3 steps to increase user adoption and ROI: #1 Use Simple Terms

Step #1: Describe the business problem and solution using simple terms

User Adoption - Simple is BeautifulI dare you.

I dare you to ask someone to describe their current project to you.

If you take me up on my dare, you’ll probably hear the person ramble on much longer than necessary. When they’ve finally finished talking, you will most likely not have a very good understanding of the business problem or how the project intends to solve it.

Why is this?

Here are three reasons why this is the case.
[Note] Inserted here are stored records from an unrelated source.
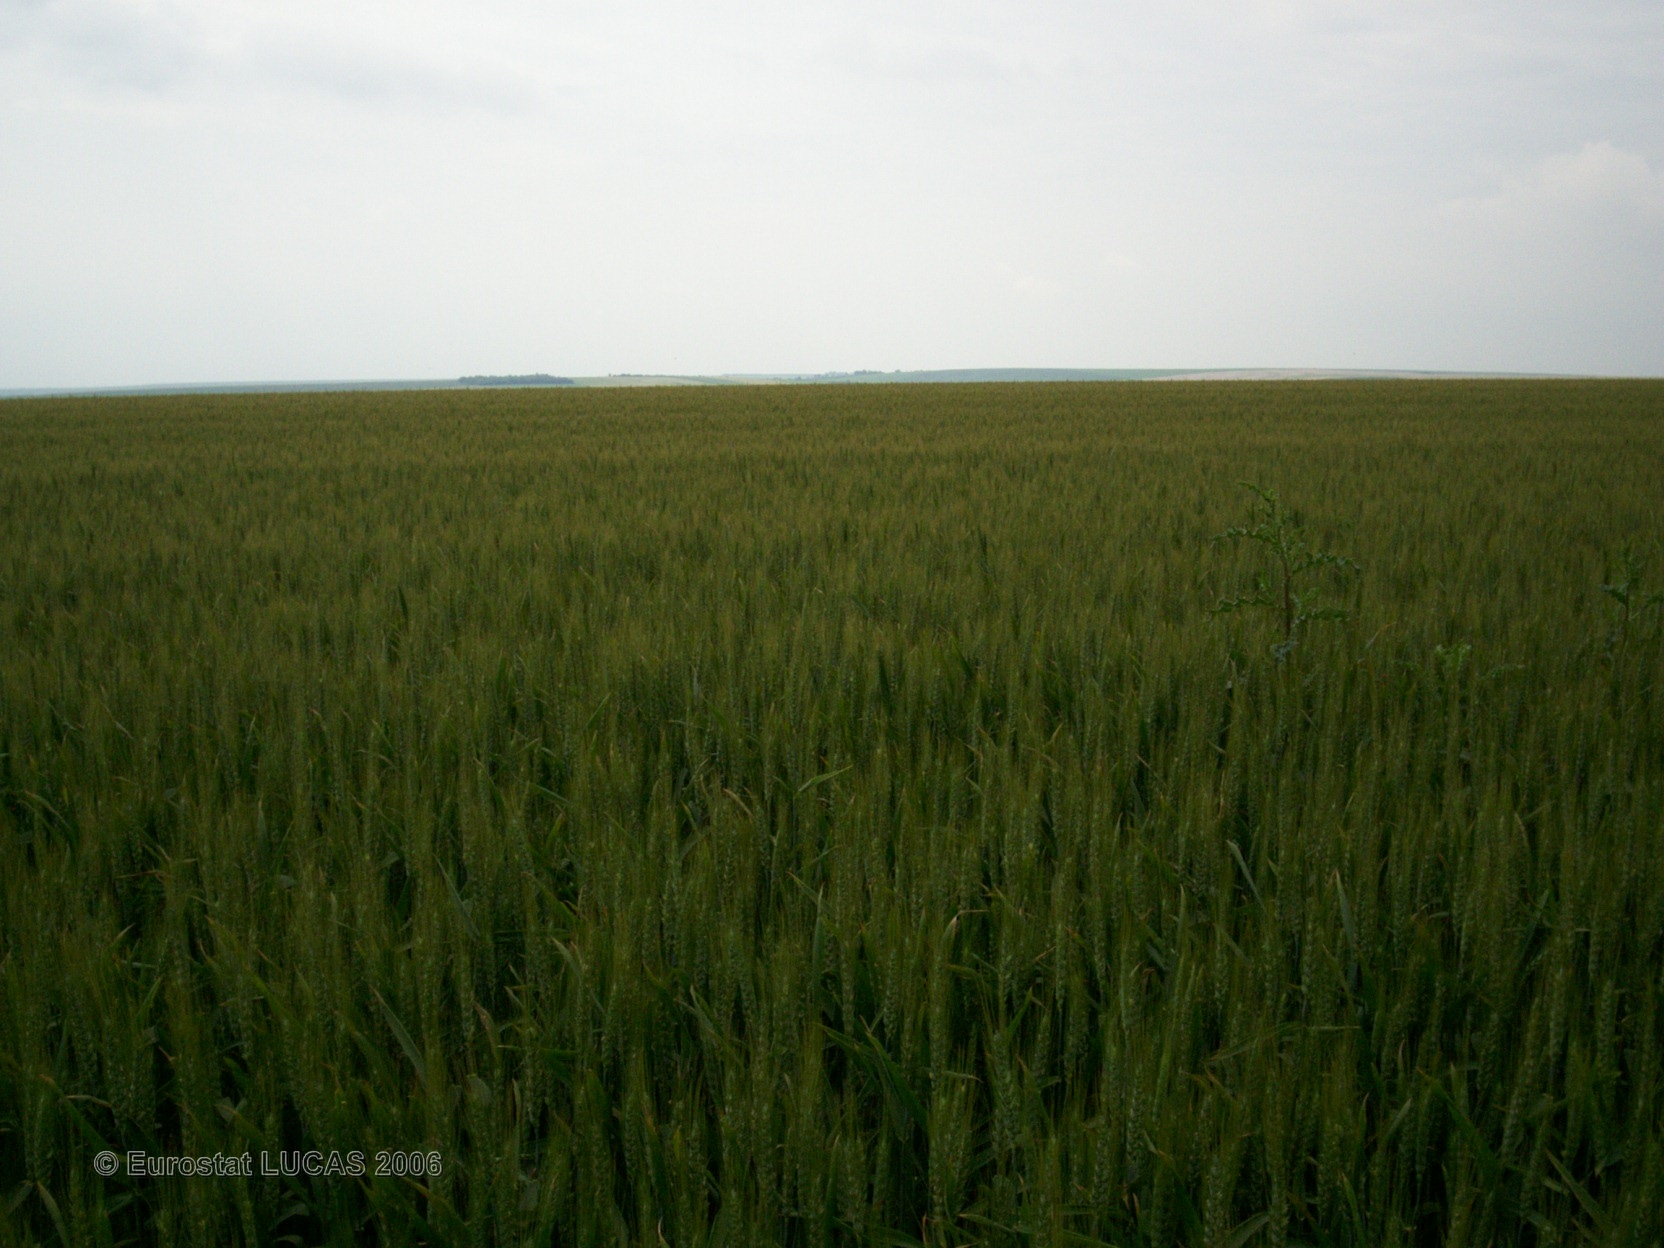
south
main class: Cropland
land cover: Barley
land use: Agriculture (excluding fallow land and kitchen gardens)
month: June
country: FR
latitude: 48.6992
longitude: 4.4942

1. We are not prepared with a well-structured explanation of our projects (yes, the concept of the Power of a Canned Response works here too).

2. We don’t focus on the problem-impact-solution-benefit combo (focusing too much on the solution).

3. We tend to over complicate explanations, and if we are in a technical role, we often overuse technical terms.

Meet Max and his not-so-great project description

Max is in a meeting with a group of people, which includes stakeholders for a new project that he’s recently been assigned to lead. The discussion turns to a challenge that relates to the scope of Max’s project. He decides it would be helpful to provide a description of his project to the group.

Here’s what Max says:

“I just got assigned to lead a project that . . . uh . . . kinda relates to this. We’re in the process of working out the details right now, but um . . . uh . . . well basically,  we plan to create a  . . . um . . . a SharePoint portal [author’s note: if this sounds like you check out my post Killing the dumb um]. We are going to leverage AD FS, so SSO should be handled. Anyway, it will support streamlined access and collaboration on documents especially with the SSO piece.  We are going to allow access to documents currently housed in distributed data repositories. I think the plan is to support both internal docs and docs at partner sites . . . well for most partners as a few have a better solution already. Anyway, we’re also going to leverage the workflow features of SharePoint too. You can do a lot with that. Um…I guess that’s all…<trailing off>. Oh, and we’re thinking about . . . . oh . . . I think I already mentioned that. Anyway, it should be pretty cool.”

It should be pretty cool?

Are you kidding me?!

Max was just speaking to a room full of people that included stakeholders for his project, and he ends with “It should be pretty cool.” Actually, that’s the least of the issues with his message. Let’s take a look at the bigger ones.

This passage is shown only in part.